After being granted permission to search the vehicle, the deputy found a grocery bag containing three ziploc bags, each containing approximately one ounce of marijuana.

Allen Robert Ray, 63, of Polson, was sentenced to the DOC for five years with three years suspended for felony theft and was fined $160.

According to court records, on Sept. 29, an individual called Ronan Police to report that he was following someone who was riding his stolen bike on the walking path west of Ronan.

Ray was stopped by a Ronan Police Officer. When questioned about the bike, Ray said he bought it from someone in Hot Springs for $50.

The individual claiming ownership of the bike arrived on the scene, and stated that he knew the bike was his, as it was a unique expensive model purchased recently from Ronan Power Products, worth $3,000. The serial number on the bike matched the records with Ronan Power Products.

Waleya Lynn Rossbach, 31, of Arlee, pleaded guilty to felony criminal possession of dangerous drugs. Sentencing is set for Thursday, March 25 at 9 a.m.

According to court records, the charge stems from an incident on June 13, 2009 when a Tribal Officer and a Lake County Sheriff’s Deputy responded to a disorderly conduct report at Wilson Family Foods in Arlee.

The reporting party informed the officers that a man and his girlfriend, Rossbach, came into the store and were shouting profanities. The officers went to the home of the man, and he was slow to answer the door and once he did, locked the door, claiming to have locked the keys inside.

Once inside, the officers searched the bedroom and found three spoons with white powder on them wrapped tightly with plastic, a plastic baggie containing one to two grams of a white powder that was consistent in appearance and texture with the substance in the spoons. The powder was tested positive for opiates. The officers also found two syringes.

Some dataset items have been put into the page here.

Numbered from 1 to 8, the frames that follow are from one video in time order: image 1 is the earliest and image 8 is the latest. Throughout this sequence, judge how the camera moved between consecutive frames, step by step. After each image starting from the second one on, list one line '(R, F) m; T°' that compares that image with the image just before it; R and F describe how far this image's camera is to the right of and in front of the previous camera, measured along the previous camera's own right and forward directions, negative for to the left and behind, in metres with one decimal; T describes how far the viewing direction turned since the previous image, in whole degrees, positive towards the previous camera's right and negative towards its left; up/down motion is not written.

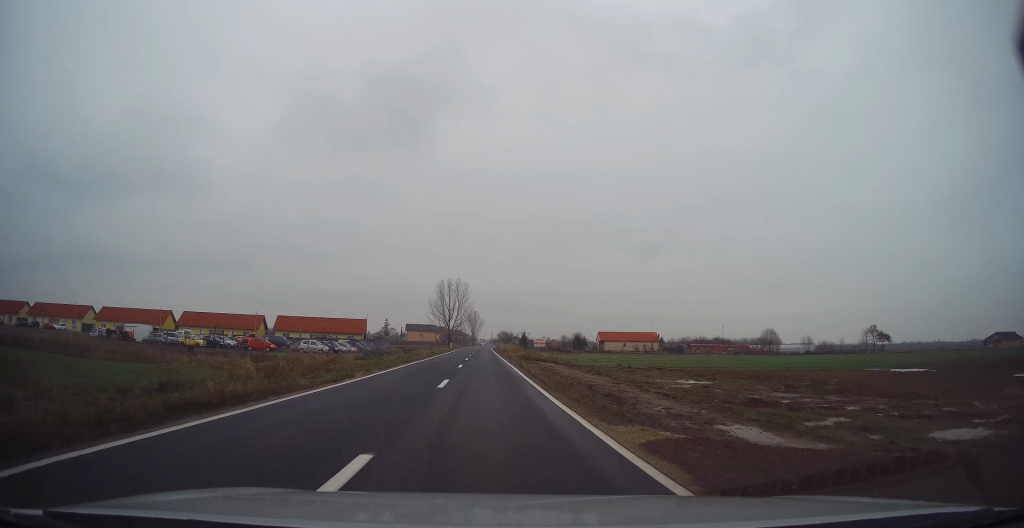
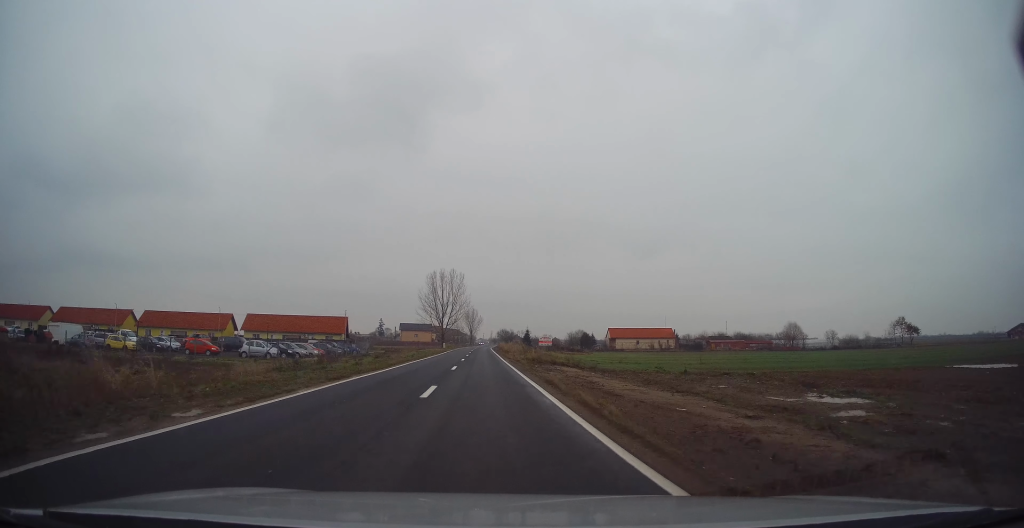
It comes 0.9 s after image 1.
(+0.3, +15.2) m; +1°
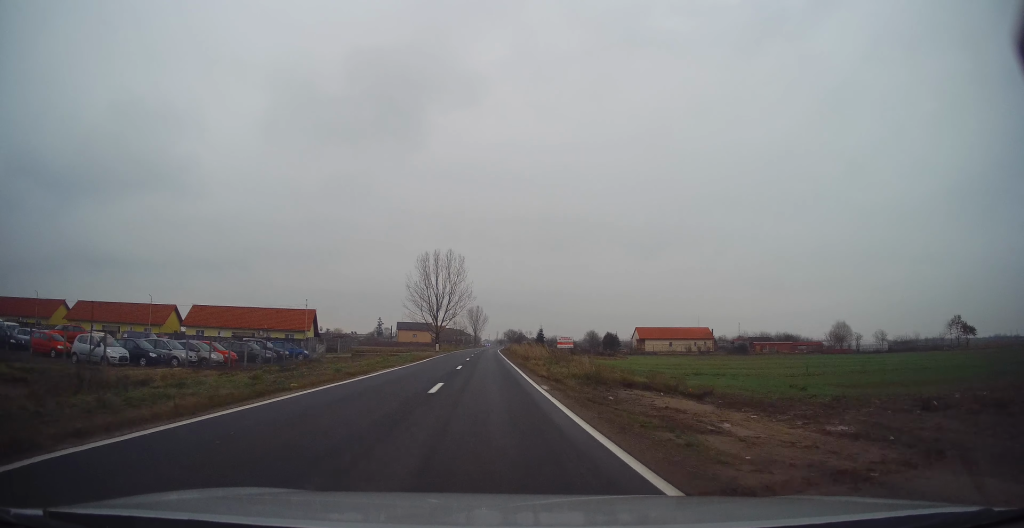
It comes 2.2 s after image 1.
(-0.2, +22.2) m; -1°
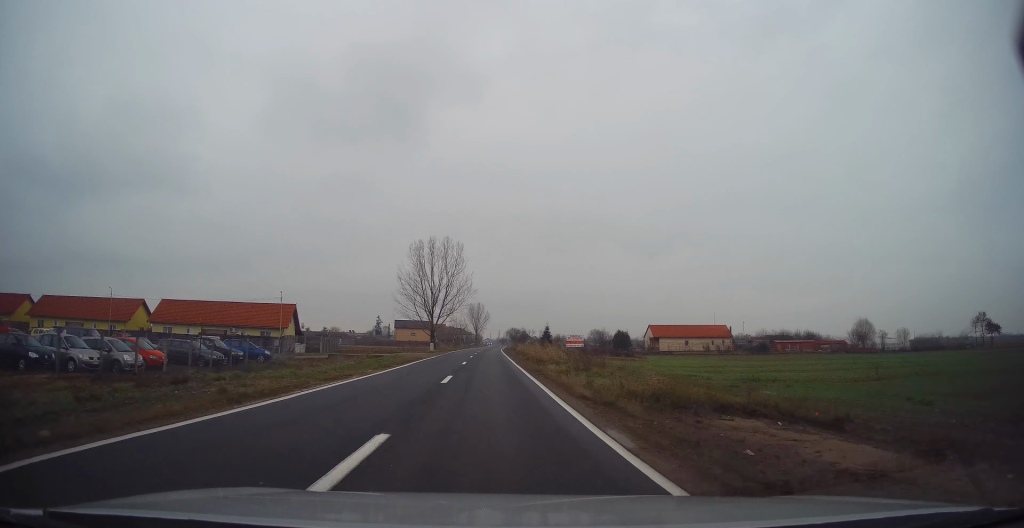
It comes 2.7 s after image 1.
(-0.2, +9.0) m; 0°
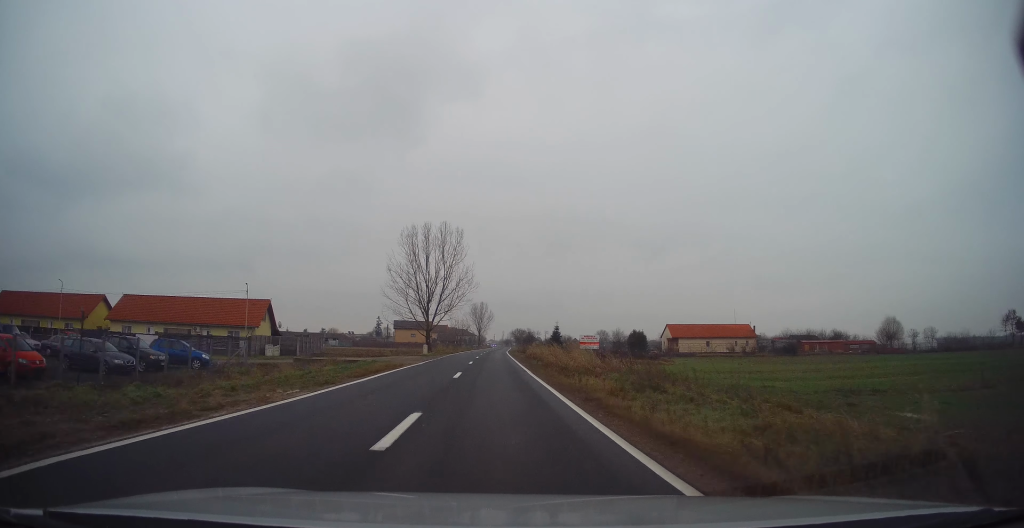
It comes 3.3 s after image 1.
(+0.2, +9.3) m; +1°
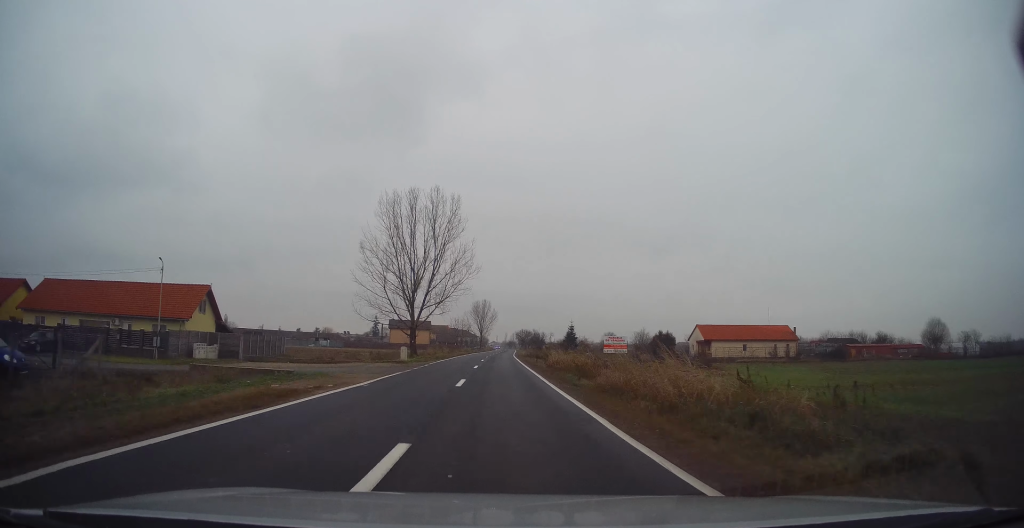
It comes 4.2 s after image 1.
(+0.2, +15.1) m; 0°
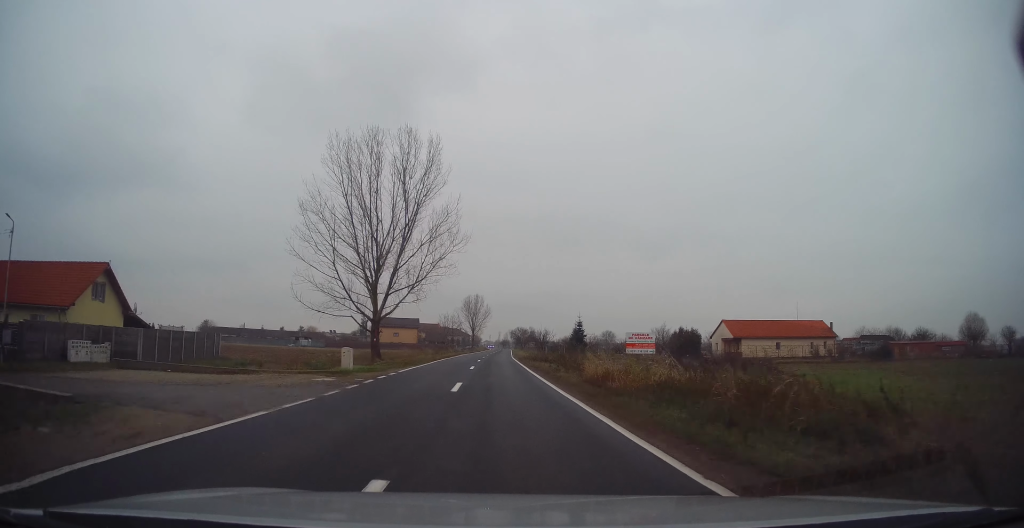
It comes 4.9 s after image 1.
(0.0, +13.0) m; -1°
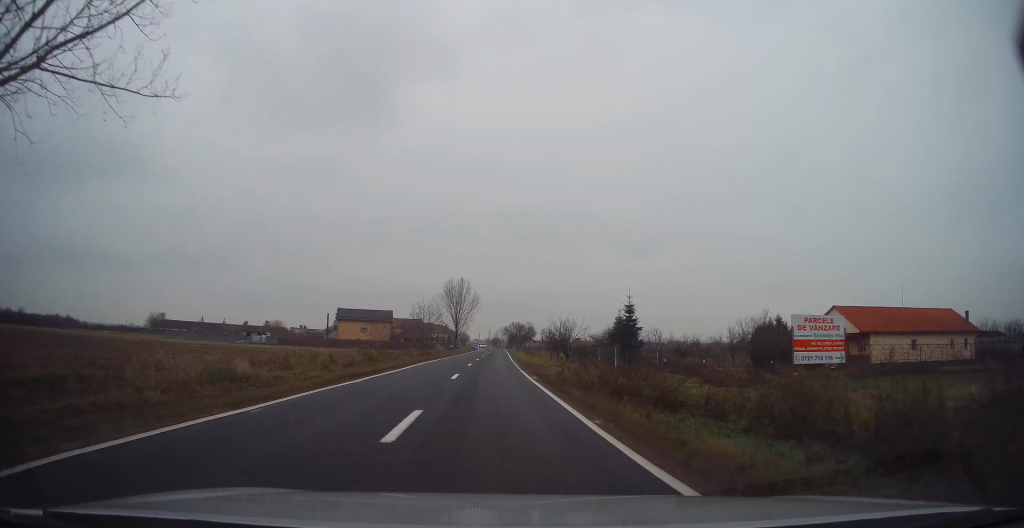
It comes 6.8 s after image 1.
(+0.1, +30.8) m; +3°

The man stated that his girlfriend, Rossbach also shared the room, and uses the syringes to prepare and inject methadone and that she injects the methadone into her hands.

The deputy spoke with Rossbach who stated that none of the items seized from her bedroom belonged to her and requested her attorney. The interview was terminated, but while speaking with Rossbach, he noticed fresh needle track marks on the top of her left hand, directly over a prominent vein. He also noticed she had a nearly identical scar on the top of her right hand.

Debbie Marry-Hawkins, 22, of Ronan, pleaded not guilty to felony tampering with witnesses and informants.

An omnibus hearing is set for Thursday, March 18 at 9 a.m.

According to court records, on Jan. 5, 2009, a Lake County Sheriff’s Deputy responded to St. Luke’s Hospital to interview Marry-Hawkins on an assault charge. She appeared to have numerous injuries to her face, neck, back and a serious cut on her finger. She told the deputy that her husband had been drinking and taking drugs all day, and that they had gotten into an argument.

On Jan. 9, she told a Lake County Sheriff’s Detective that she beat herself up to get her husband into trouble. She said she purposefully strangled herself causing the bruising on her neck. She claimed that a witness observed Marry-Hawkins injure herself.

On Jan. 12, the detective interviewed the witness who stated that the husband came to his home after getting into an argument with Marry-Hawkins, and spent the night there. The witness stated that he was not at Marry-Hawkins home and that he did not observe the assault. He went on to state that the following day, she called and asked the him to state to the police that he was at her home and asked him to write down in a statement that he watched her hit and choke herself and submit it to law enforcement.